BS: Look. I've paid my dues. I've been an MP for what, 11 months now? That's a long time. I think I've been very patient. And I'm willing to continue waiting another five, six months before I become Prime Minister. I look forward to undermining and usurping Mr. Martin's leadership, just like I did with Harper in my former party.
|Everyone enjoys a chuckle at the incorrect spelling of Liberal (spelled "Libel") on the cue cards.
DM: Well, it is a proud Liberal tradition. Maybe the Prime Minister can give you some tips of his from the Chretien days. Speaking of the Prime Minister-just over a year ago when you were running for the leadership of the Conservative Party, you said that he wasn't fit to be Prime Minister.
BS: Look. I'm not here to defend the Liberal Party.
DM: Huh? But you're a minister in the Liberal cabinet. Isn't it, like your job now, to defend the Liberal government?

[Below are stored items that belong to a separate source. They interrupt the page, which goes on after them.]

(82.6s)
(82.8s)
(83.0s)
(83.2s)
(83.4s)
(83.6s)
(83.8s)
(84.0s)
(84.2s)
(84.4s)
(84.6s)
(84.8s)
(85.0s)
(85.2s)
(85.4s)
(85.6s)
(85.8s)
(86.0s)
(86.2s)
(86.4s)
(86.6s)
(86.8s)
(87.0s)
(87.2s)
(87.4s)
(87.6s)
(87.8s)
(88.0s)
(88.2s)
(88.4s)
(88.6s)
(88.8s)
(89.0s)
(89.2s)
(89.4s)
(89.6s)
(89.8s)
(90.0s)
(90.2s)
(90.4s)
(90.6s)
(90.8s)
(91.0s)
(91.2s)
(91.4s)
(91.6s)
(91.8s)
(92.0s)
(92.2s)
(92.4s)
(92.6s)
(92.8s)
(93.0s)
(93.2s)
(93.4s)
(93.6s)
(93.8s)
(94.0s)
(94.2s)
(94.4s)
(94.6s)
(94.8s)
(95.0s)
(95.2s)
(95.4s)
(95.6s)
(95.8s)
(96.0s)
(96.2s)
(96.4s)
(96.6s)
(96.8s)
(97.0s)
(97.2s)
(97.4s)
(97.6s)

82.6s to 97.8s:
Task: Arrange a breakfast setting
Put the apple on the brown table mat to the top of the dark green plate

BS: Look. First of all, you don't know anything about politics.
DM: Yes, that's true.
BS: My job is to represent the department I've been put in charge of...you know, the Human...place. I can get the help to do all that...defending and policy mumbo-jumbo...
DM: But Minister Stronach, what do you say to your former colleagues in the Conservative caucus? Many of them, according to your buddy Steve-O, are shocked and betrayed with your switcheroo from one corporate, right-wing party to another, more successful, corporate right-wing party. Many of them feel...well, they're Conservatives, so I don't want to say they're heart-broken, because that would assume that they have hearts, but they really seem to be disappointed in you.

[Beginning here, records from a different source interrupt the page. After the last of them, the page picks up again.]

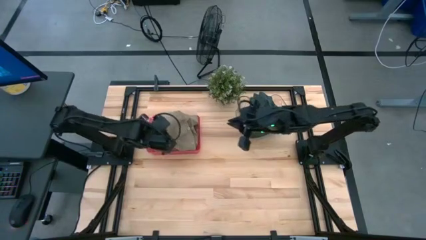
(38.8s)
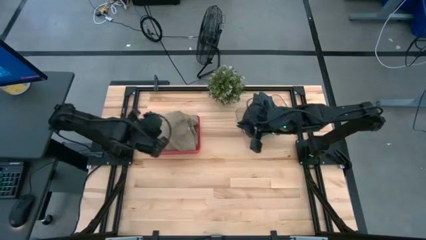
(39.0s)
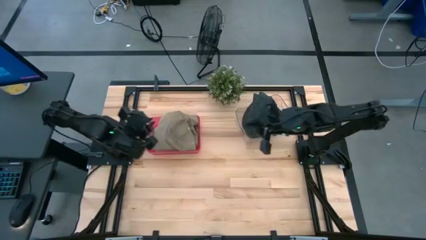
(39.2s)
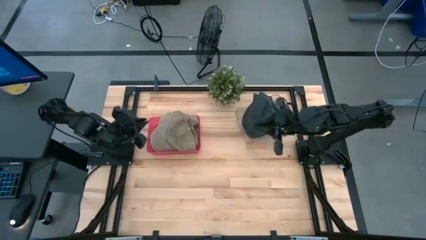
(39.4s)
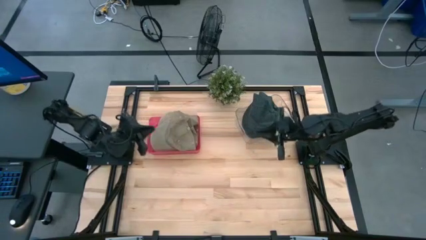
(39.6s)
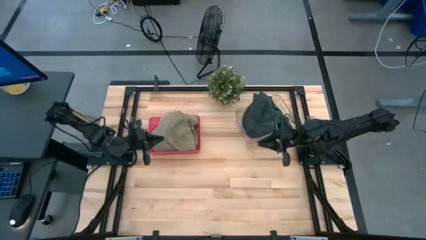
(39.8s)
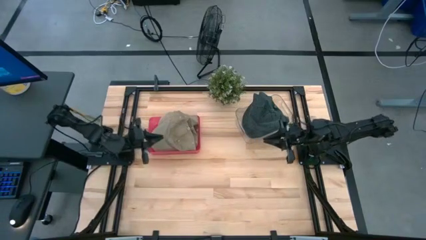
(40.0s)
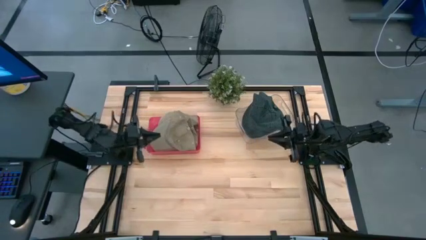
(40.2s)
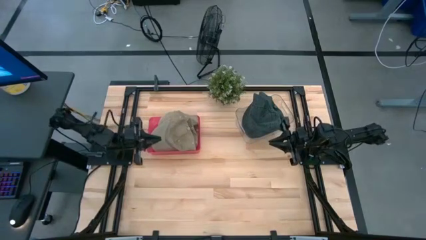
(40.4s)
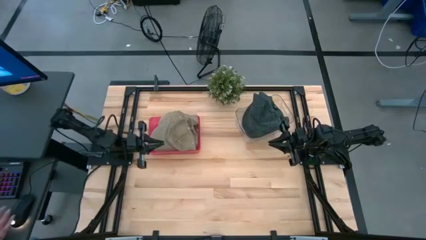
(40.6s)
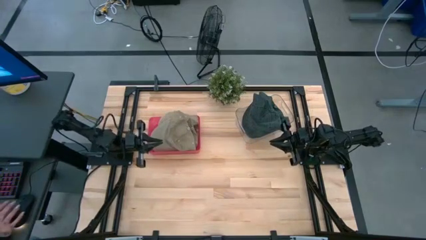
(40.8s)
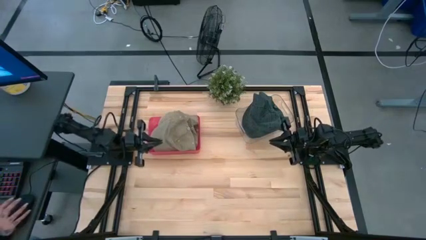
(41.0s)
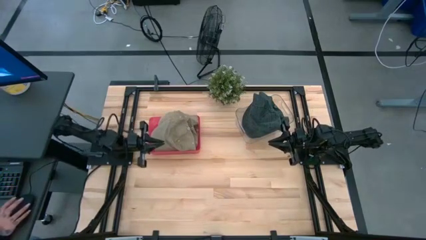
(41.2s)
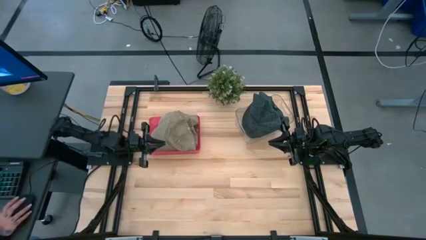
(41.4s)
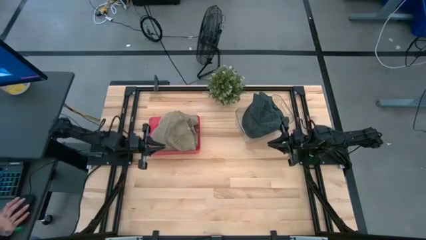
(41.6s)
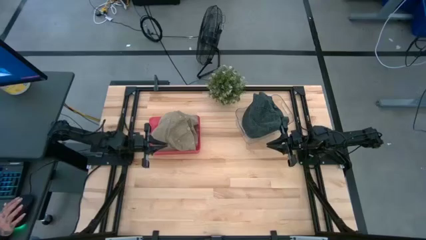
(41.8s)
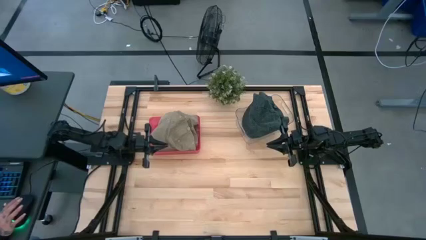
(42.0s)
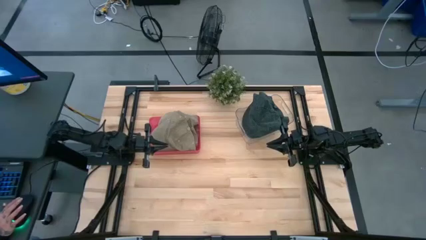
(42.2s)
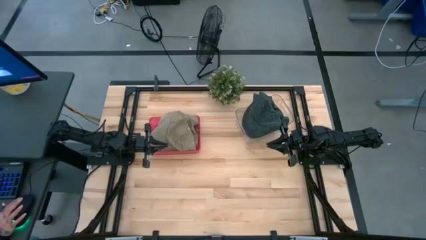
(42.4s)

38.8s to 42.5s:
Task: Pick & Place hat
Return to Home Position

BS: Look, I am always gonna speak out as to what's best for Canada. And what was best for Canada two days ago, is not necessarily what's best for Canada today. A week is a lifetime in politics. And a weekend is also a very, very long time. Belinda must come first. I mean, Canada...Canada must come first. I will not associate with separatists...I believe in principles...I believe in prosperity...I believe in Canada...I believe in being a uniter, not a divider. I believe...let me check my list of platitudes...yup. Got 'em all.
DM: Will you be spilling any of the Conservatives' top-secret election plans to your new Liberal colleagues?
DM: Care to share any? Give our readers a 'thehammer.ca Exclusive'?
BS: OK, I'll give you the motto that the Conservatives are gonna use for the campaign. "The Liberals are corrupt."
BS: And here's what they're putting on their lawn signs: "The Liberals-Even Bigger Jackasses than Us."
DM: Hmm...should be a great campaign. Ms. Stronach, your former caucus colleague, the dashing Peter MacKay, with whom you've been "romantically linked"...
BS:...We weren't "romantically linked." I was banging him. He was a piece of man meat. Nothing more, nothing less. As a matter of fact, I told him of my decision while we were...being intimate...it was at his place...
DM:...Erm, really, that's enough...
BS:...They call it 'rodeo' style...
DM...No really. That's all we need to know. Good Lord.
BS: He'll have no trouble finding someone new. That angry Diane Ablonczy woman has had her eyes on him for ages. I think she really needs to get laid.
DM: Actually, on the topic of Peter McKay...Stephen Harper claims that it was him, not you, who informed him of your decision to cross the floor. Isn't that kind of...well, unethical, getting your boyfriend to tell him the bad news?
BS: Look, I don't want to talk about my personal life.
|Dave McGraw illustrates his patented "Rolling of the eyes" interview technique.
DM: But you were just giving us...gruesome details about your sexual relations with him.
BS: That was then. This is...(an advisor whispers in her ear)...now.
DM: One final question, Ms. Minister. What do you say to your constituents?
BS: Look, first of all, look. Look.
DM:...That's enough, Belinda. Thank you. And uh, thanks for not bringing up Brian Mulroney's name once during the whole interview. Man, I need a drink.